Van Lewen shook his head as he came up to Race. ‘What the hell did you just do? We couldn’t see a thing from that cage.’
‘I just killed a great lizard,’ Race said simply.
The anthropologist, Marquez, came over and smiled at Race. ‘Well done, sir! Well done!
What did you say your name was?’
‘William Race.’
‘Rejoice, Mister Race. You just made yourself a god.’
John Paul Demonaco’s cellular rang. Demonaco and the Navy investigator, Mitchell, were still at DARPA headquarters in Virginia. Mitchell was taking another call himself. ‘You say it came from Bittiker…’ Demonaco said into the phone. Suddenly his face went ashen white. ‘Call the Baltimore PD and get them to send the bomb squad over there right now. I’ll be there as soon as I can.’
Mitchell came over as Demonaco hung up. ‘That was Aaronson,’ the Navy man said. ‘They just raided the Freedom Fighter locations. Nothing in any of them. Empty.’
‘Never mind,’ Demonaco said, heading for the door.
‘What is it?’ Mitchell said as he hurried after him.
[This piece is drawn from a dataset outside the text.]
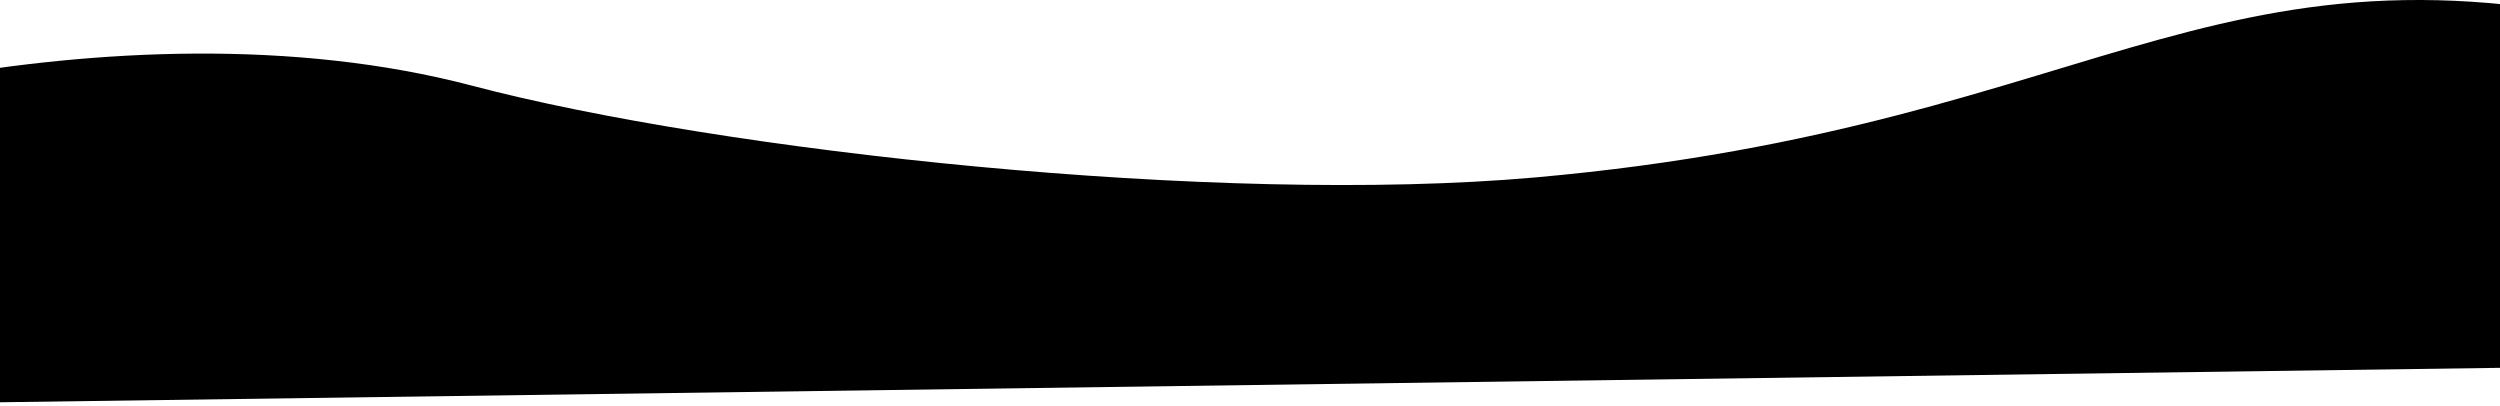 <svg width="1280" height="208" viewBox="0 0 1280 208" fill="none" xmlns="http://www.w3.org/2000/svg">
<path d="M242 43.953C58 -4.547 -166 66.847 -198 90.847L-116.5 207.563L1335.5 187.563C1348.83 124.897 1442.94 39.064 1390 23.953C1136 -48.547 1087 64.13 786 90.847C623.47 105.273 368.699 77.35 242 43.953Z" fill="black"/>
</svg>

‘I just got a call from one of my guys in Baltimore. He’s at the apartment of one of our Texan informants. Says he’s got something big.’ Ninety minutes later, Demonaco and Mitchell arrived at a decrepit old warehouse in the industrial sector of Baltimore. Three police cruisers, a couple of nondescript beige Buicks—FBI cars—and a large navy blue van with ‘BOMB SQUAD“ painted on its side were already parked out in front of the building. Demonaco and Mitchell entered the warehouse, ascended some stairs.